## [RECORDS PROVIDED]
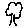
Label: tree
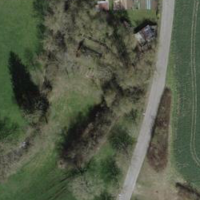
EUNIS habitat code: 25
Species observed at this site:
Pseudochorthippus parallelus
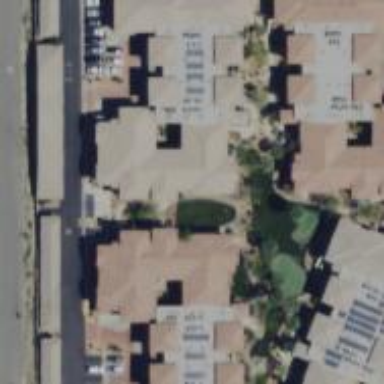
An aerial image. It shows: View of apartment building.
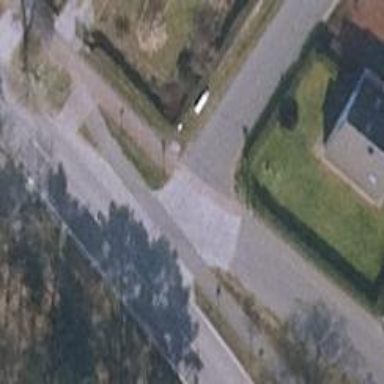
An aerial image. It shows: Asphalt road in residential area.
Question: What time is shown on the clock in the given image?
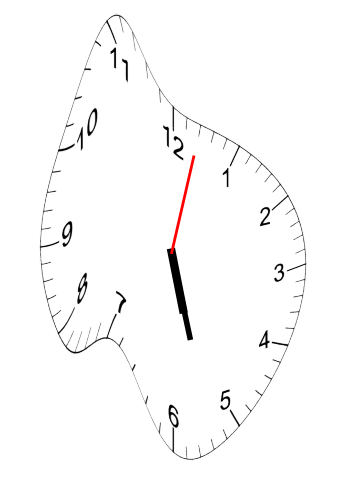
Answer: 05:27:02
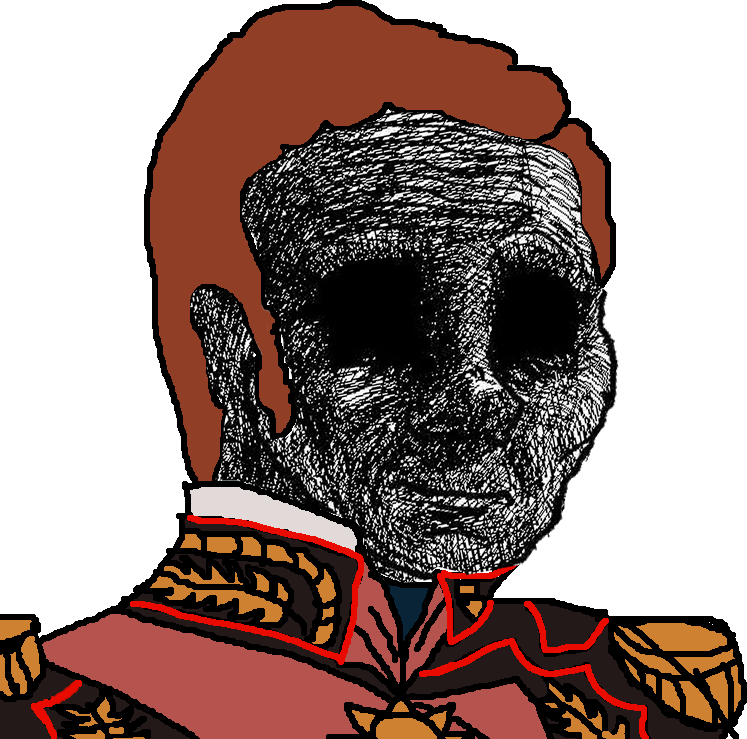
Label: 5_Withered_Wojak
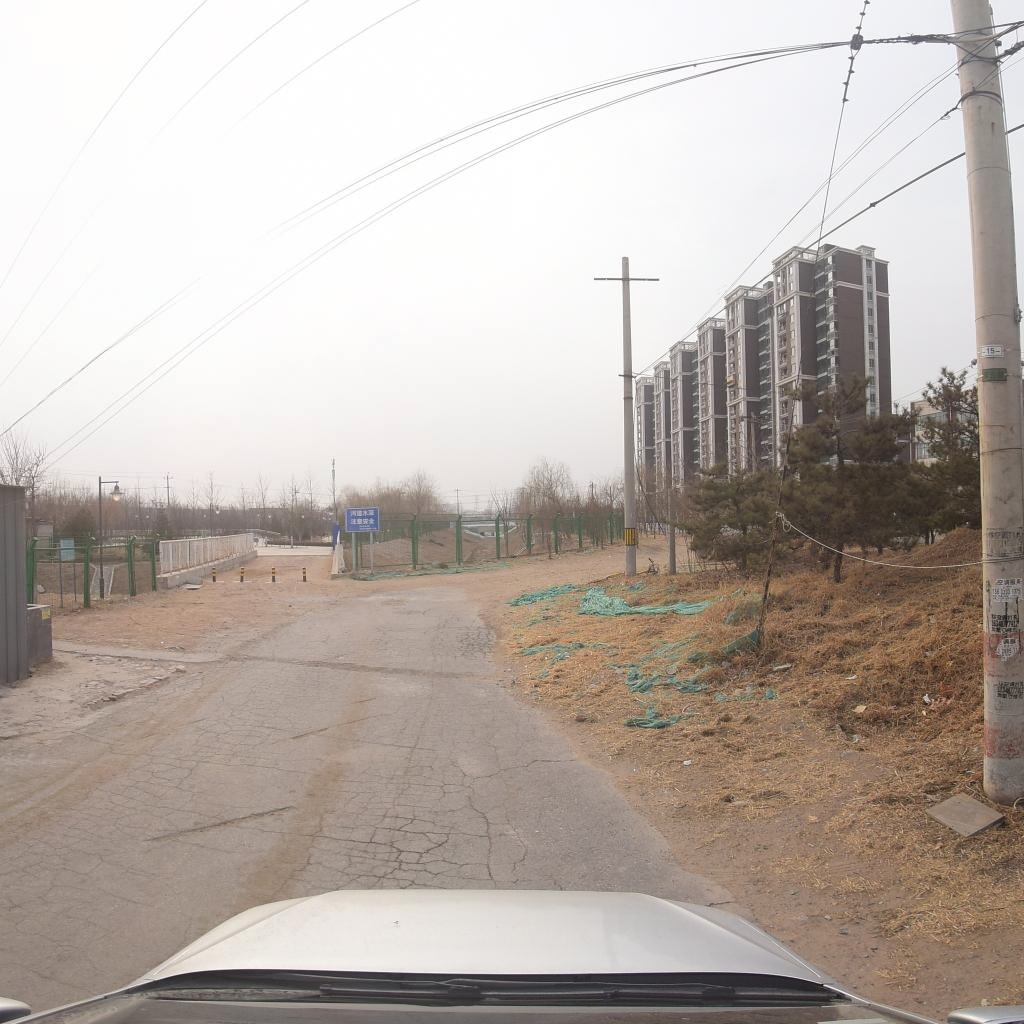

## [EXERCISE INSTRUCTIONS]
Leave every picture out and retype exactly the lines of the records above from the one holding "An aerial image. It shows: Asphalt" through the last, both ends included and nothing besides.

## [SOLUTION]
An aerial image. It shows: Asphalt road in residential area.
Question: What time is shown on the clock in the given image?
Answer: 05:27:02
Label: 5_Withered_Wojak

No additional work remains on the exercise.